Der Film endet mit Bildern, die sicherlich nicht nur in Ägypten, sondern auch im Westen für Überraschungen sorgen werden. Kurz vor und während des Abspanns begleitet ein Lied über Freiheit eine Poledance-Sequenz: Eine der Radfahrerinnen, die sehr schön ist, zeigt Figuren vor dem Hintergrund des untergehenden Himmels. Ein überraschendes Finale in einem Film mit feministischem Anspruch, oder?

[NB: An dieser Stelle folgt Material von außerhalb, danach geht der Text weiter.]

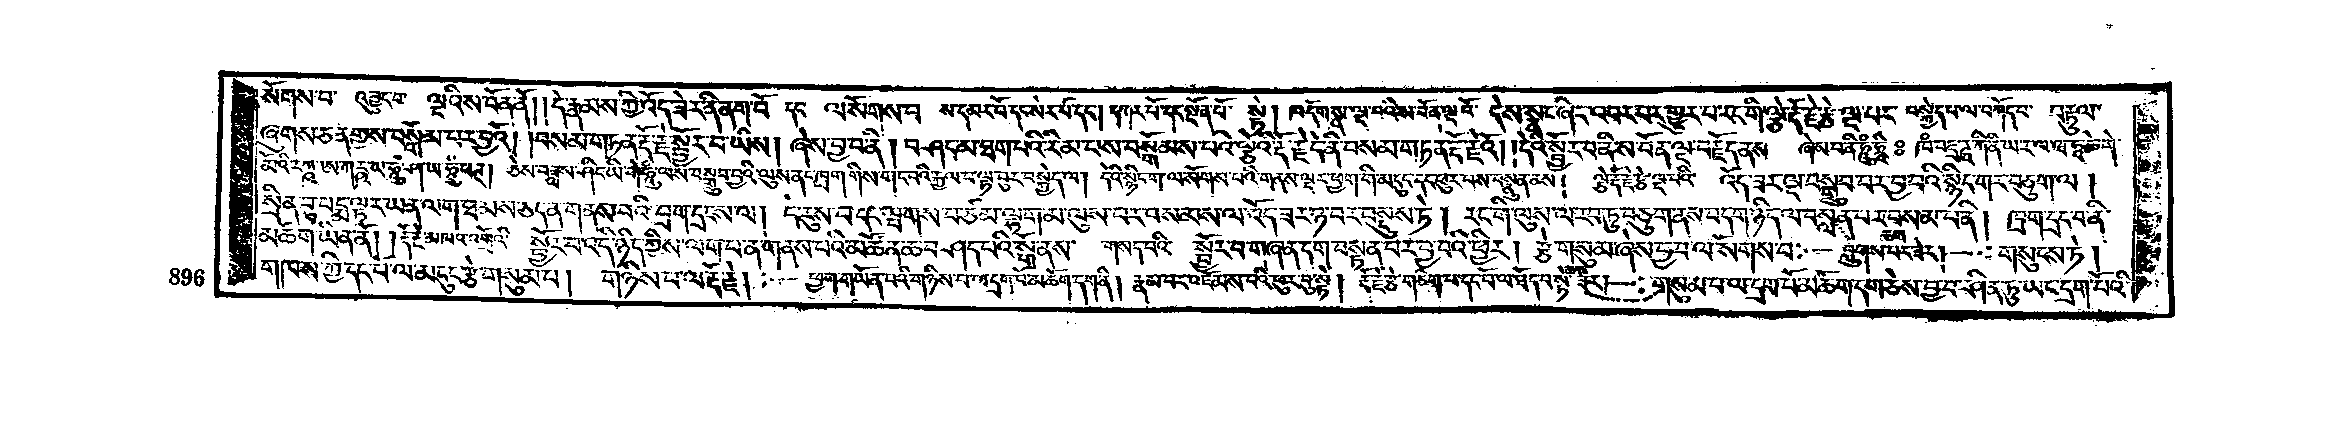སོགས་པ་འབྱུང་བ་ལྔའི་ས་བོན་ནོ། །དེ་རྣམས་ཀྱི་འོད་ཟེར་ནི་ནག་པོ་དང་ལ་སོགས་པས་དམར་པོ་དང་སེར་པོ་དང་། དཀར་པོ་དང་སྔོན་པོ་སྟེ། ཁ་དོག་སྣ་ལྔ་པའི་ས་བོན་ལྔ་པོ་དེས་སྣང་ཞིང་འབར་བར་གྱུར་པ་རང་གི་ལྕེ་རྡོ་རྗེ་རྩེ་ལྔ་པར་བསྐྱེད་པ་ལ་བཀོད་པ་བརྟུལ་
ཞུགས་ཅན་གྱིས་བསྒོམ་པར་བྱའོ། །བསམ་གཏན་རྡོ་རྗེ་སྦྱོར་བ་ཡིས། ཞེས་བྱ་བ་ནི། བཤད་མ་ཐག་པའི་རིམ་པས་བསྒོམས་པའི་ལྕེའི་རྡོ་རྗེ་དེ་ནི་བསམ་གཏན་རྡོ་རྗེའོ། །དེའི་སྦྱོར་བ་ནི་ས་བོན་ལྔ་བརྗོད་ནས་ཞེས་པ་ནི་ཧཱུཾ་ཧྲཱིཿ ཁཾ་བཛྲ་ཌཱ་ཀི་ནི་ཡ་ར་ལ་ཝ་ཧཱ་ཆེ་གེ་
མོའི་རཀྵ་ཨ་ཀརྵ་ཡ་ཧཱུཾ་ཤ་ཡ་ཧཱུཾ་ཕཊ། ཅེས་བཟླས་ཤིང་ཡི་གེ་ཧཱུཾ་ལས་བསྒྲུབ་བྱའི་ལུས་ནང་ཁྲག་གིས་གང་བའི་རྐྱལ་པ་ལྟ་བུར་བསྐྱེད་ལ། དེའི་སྙིང་ག་ལ་སོགས་པའི་གནས་ལྔར་ཕྱག་གི་མདུང་དང་ཕུར་པས་བསྣུན་ནས། ལྕེ་རྡོ་རྗེ་རྩེ་ལྔ་པའི་འོད་ཟེར་ལྔ་བསྒྲུབ་པར་བྱ་བའི་སྙིང་གར་བཅུག་ལ།
སྲིན་བུ་པདམ་ལྟར་ཡན་ལག་ཐམས་ཅད་ན་གནས་པའི་ཁྲག་དྲངས་ལ། དེ་རུས་པ་དང་ལྤགས་པ་ཙམ་ལྷག་མ་ལུས་པར་བསམས་ལ་འོད་ཟེར་ཉེ་བར་བསྡུས་ཏེ། རང་གི་ལུས་ལ་རབ་ཏུ་བཅུག་ནས་བདག་ཉིད་ལ་བསླན་པར་བསམ་པ་ནི། ཁྲག་དྲང་བ་ནི་
མཆོག་ཡིན་ནོ། ། རྡོ་རྗེ་མཁའ་འགྲོའི་སྦྱོར་བ་འདི་ཉིད་ཀྱིས་ལག་པ་ན་གནས་པའི་མཚོན་ཆ་བཤད་པའི་སྒོ་ནས་གསད་པའི་སྦྱོར་བ་གཞན་དག་བསྟན་པར་བྱ་བའི་ཕྱིར། རྩེ་གསུམ་ཞེས་བྱ་བ་ལ་སོགས་པ་བླུགས་ཆག་པར་ཟེར།  གསུངས་ཏེ།
གཡས་ཀྱི་དང་པོ་ལ་མདུད་རྩེ་གསུམ་པ། གཉིས་པ་ལ་རྡོ་རྗེ། H ཕྱག་གཡོན་པའི་གཉིས་པ་ལ་དྲག་པོ་མཆོག་དག་ནི། རྣམ་པར་འཇོམས་པའི་ཕུར་བུ་སྟེ། རྡོ་རྗེ་རྩེ་གཅིག་པ་དང་པོ་ལ་ཐོད་པ་སྟེ་ཆག་ཟེར།  H གསུམ་པ་ལ་དྲག་པོ་མཆོག་དག་ཅེས་བྱ་བ་ཤིན་ཏུ་ཡང་དྲག་པོའི་
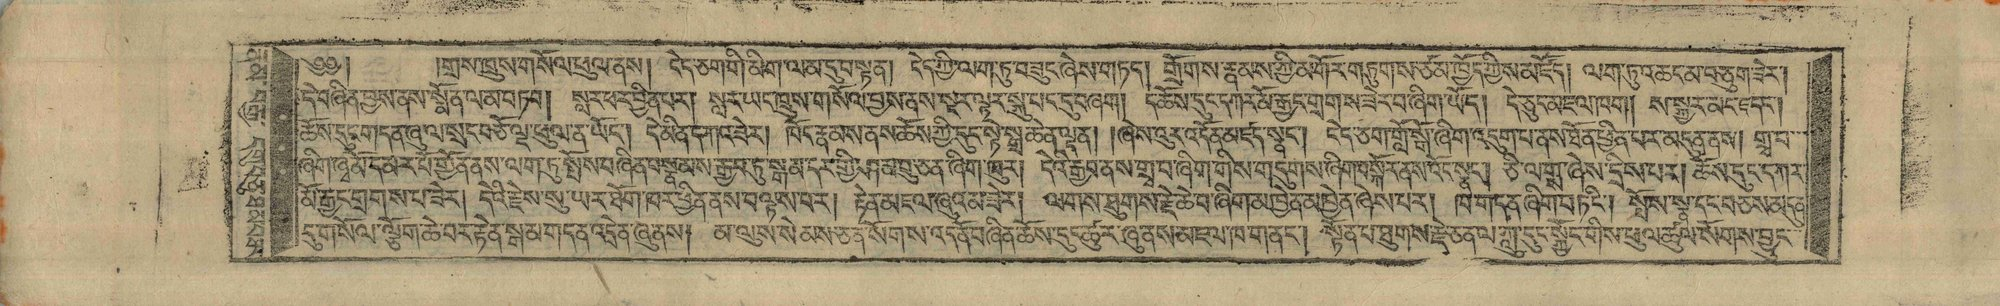༄༅། །གྲས་ཁྲུས་གསོལ་ཕུལ་ནས། ངེད་ཅག་གི་མིག་ལམ་དུ་བསྟན། ངེད་ཀྱི་ལག་ཏུ་བཟུང་ཞེས་གཏད། གྲོགས་རྣམས་ཀྱི་མགོར་གཏུགས་ཙམ་ཁྱོད་ཀྱིས་མཛོད། ལག་ཏུ་འཆང་མ་བཅུག་ཟེར།
དེ་བཞིན་བྱས་ནས་སྨོན་ལམ་བཏབ། སླར་ཕར་བྱིན་པར། སླར་ཡང་ཁྲུས་གསོལ་བྱས་ནས་སྔར་ལྟར་སྐུ་པང་དུ་བཞག །ད་ཆོས་དུང་དཀར་མོ་རྒྱང་གྲགས་ཟེར་བ་ཞིག་ཡོད། དེ་ཅུང་མཇལ་ཁག །ས་སྐྱར་མང་ཇ་དང་།
ཆོས་དུང་གདན་ཞུ་ལ་སྲང་བཅོ་ལྔ་ཕུལ་ན་ཡོང་། དེ་མིན་དཀའ་ཟེར། ཁོང་རྣམས་ནས་ཆོས་ཀྱི་དུང་སྟེ་སྒྲ་ཆེན་ལྡན། །ཞེས་འུར་འདོན་མཛད་སྣང་། ངེད་ཅག་གློ་སྒོ་ཞིག་འདུག་པ་ནས་ཐོན་ཕྱིན་པར་མདུན་ནས། གྲྭ་བ་
ཞིག་ཞྭ་མོ་དམར་པོ་གྱོན་ནས་ལག་ཏུ་སྤོས་བཞིན་བསྣམས་རྒྱབ་ཏུ་སྒམ་དར་གྱི་ཤམ་བུ་ཅན་ཞིག་ཁུར། དེའི་རྒྱབ་ནས་གྲྭ་བ་ཞིག་གིས་གདུགས་ཞིག་བསྐོར་ནས་འོང་སྣང་། ཅི་ལགས་ཞེས་དྲིས་པར། ཆོས་དུང་དཀར་
མོ་རྒྱང་གྲགས་པ་ཟེར། དེའི་རྗེས་སུ་ཡར་ཐོག་ཁར་ཕྱིན་ནས་བལྟས་པར། རྟེན་མཇལ་ཞུའམ་ཟེར། ལགས་ཐུགས་རྗེ་ཆེ་བ་ཞིག་མཁྱེན་མཁྱེན་ཞེས་པར། ཁ་གདན་ཞིག་བཏིང་། སྤོས་སྣ་དང་བཅས་མདུན་
དུ་གསོལ་ལྕོག་ཆེ་བར་རྟེན་སྒམ་གདན་འདྲེན་ཞུ་ནས། མ་ལུས་སེམས་ཅན་སོགས་འདོན་བཞིན་ཆོས་དུང་ཚུར་ཞུ་ནས་མཇལ་ཁ་གནང་། སྟོན་པ་ཐུགས་རྗེ་ཅན་ལ་ཀླུ་དུང་སྐྱོང་གིས་ཕུལ་ཚུལ་སོགས་བྱུང་
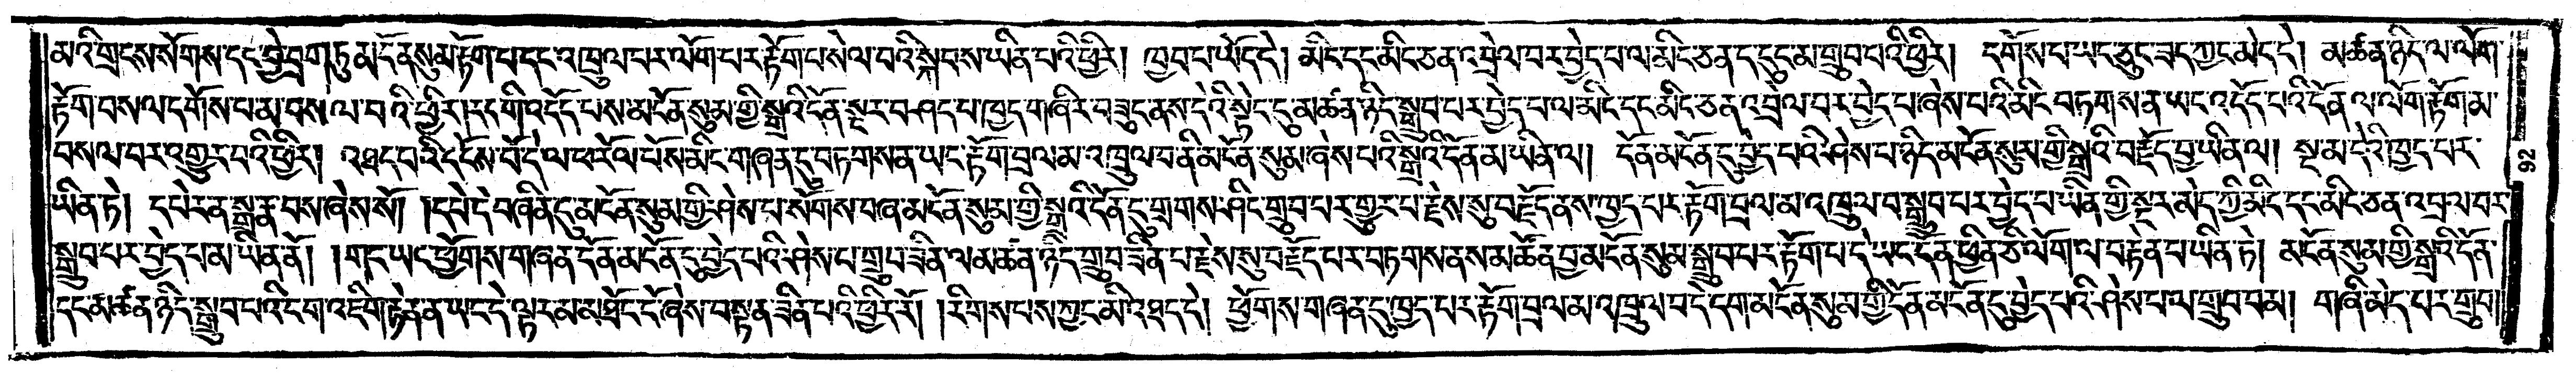མའི་གྲངས་སོགས་དང་བྱེ་བྲག་ཏུ་མངོན་སུམ་རྟོག་པ་དང་འཁྲུལ་པར་ལོག་པར་རྟོག་པ་སེལ་བའི་སྐབས་ཡིན་པའི་ཕྱིར། ཁྱབ་པ་ཡོད་དེ། མིང་དང་མིང་ཅན་འབྲེལ་པར་བྱེད་པ་ལ་མིང་ཅན་ད་དུང་མ་གྲུབ་པའི་ཕྱིར། དགོས་པ་ཡང་ཅུང་ཟད་ཀྱང་མེད་དེ། མཚན་ཉིད་ལ་ལོག་
རྟོག་བསལ་དགོས་པ་མ་བསལ་བའི་ཕྱིར། རང་གི་འདོད་པས་མངོན་སུམ་གྱི་སྒྲའི་དོན་སྔར་བཤད་པ་ཁྱད་གཞིར་བཟུང་ནས་དེའི་སྟེང་དུ་མཚན་ཉིད་སྒྲུབ་པར་བྱེད་པ་ལ་མིང་དང་མིང་ཅན་འབྲེལ་པར་བྱེད་པ་ཞེས་པའི་མིང་བཏགས་ན་ཡང་འདོད་པའི་དོན་ལ་ལོག་རྟོག་མ་
བསལ་བར་འགྱུར་བའི་ཕྱིར། འཐད་པའི་དངོས་པོ་དེ་ལ་ཕ་རོལ་པོས་མིང་གཞན་དུ་བཏགས་ན་ཡང་རྟོག་བྲལ་མ་འཁྲུལ་བ་ནི་མངོན་སུམ་ཞེས་པའི་སྒྲའི་དོན་མ་ཡིན་ལ། དོན་མངོན་དུ་བྱེད་པའི་ཤེས་པ་ཉིད་མངོན་སུམ་གྱི་སྒྲའི་བརྗོད་བྱ་ཡིན་ལ། སྔ་མ་དེའི་ཁྱད་པར་
ཡིན་ཏེ། དཔེར་ན་སྒྲ་རྣ་བས་ཞེས་སོ། །དཔེ་དེ་བཞིན་དུ་མངོན་སུམ་གྱི་ཤེས་པ་སོགས་བཞི་?་མངོན་སུམ་གྱི་སྒྲའི་དོན་དུ་གྲགས་ཤིང་གྲུབ་པར་གྱུར་པ་རྗེས་སུ་བརྗོད་ནས་ཁྱད་པར་རྟོག་བྲལ་མ་འཁྲུལ་བ་སྒྲུབ་པར་བྱེད་པ་ཡིན་གྱི་སྔར་མེད་ཀྱི་མིང་དང་མིང་ཅན་འབྲལ་བར་
སྒྲུབ་པར་བྱེད་པ་མ་ཡིན་ནོ། །གང་ཡང་ཕྱོགས་གཞན་དོན་མངོན་དུ་བྱེད་པའི་ཤེས་པ་གྲུབ་ཟིན་ལ་མཚན་ཉིད་གྲུབ་ཟིན་པ་རྗེས་སུ་བརྗོད་པར་བཏགས་ནས་མཚོན་བྱ་མངོན་སུམ་སྒྲུབ་པར་རྟོག་པ་དེ་ཡང་དོན་ཕྱིན་ཅི་ལོག་ལ་བརྟེན་པ་ཡིན་ཏེ། མངོན་སུམ་གྱི་སྒྲའི་དོན་
དང་མཚན་ཉིད་སྒྲུབ་པའི་ངག་འཇིག་རྟེན་ན་ཡང་དེ་ལྟར་མ་མཐོང་ངོ་ཞེས་བསྟན་ཟིན་པའི་ཕྱིར་རོ། །རིགས་པས་ཀྱང་མི་འཐད་དེ། ཕྱོགས་གཞན་དུ་ཁྱད་པར་རྟོག་བྲལ་མ་འཁྲུལ་པ་དེ་དག་མངོན་སུམ་གྱི་དོན་མངོན་དུ་བྱེད་པའི་ཤེས་པ་ལ་གྲུབ་བམ། གཞི་མེད་པར་གྲུབ་

Ja, Poledance wird manchmal als Klischee des weiblichen Objekts identifiziert, das seine Parade um eine aufgerichtete Achse herum entfaltet. Es stimmt, dass meine Cousinen im Süden meine Entscheidung, den sich bewegenden Körper der feministischen Radfahrerin aus Kairo so grosszügig zu zeigen, vielleicht nicht gutheissen werden. Vielleicht wird sich auch ein Teil des Publikums im Westen wundern, dass ein Film, der sich mit einem ernsten und sogar tragischen Thema befasst, so in diesen Bildern einer asumierten und frechen Weiblichkeit verpufft. Wir, die rebellischen Frauen, werden immer noch mutig tanzen und die Weiblichkeit nach unserem Gutdünken behaupten, um die Achtung der Gleichheit durchzusetzen.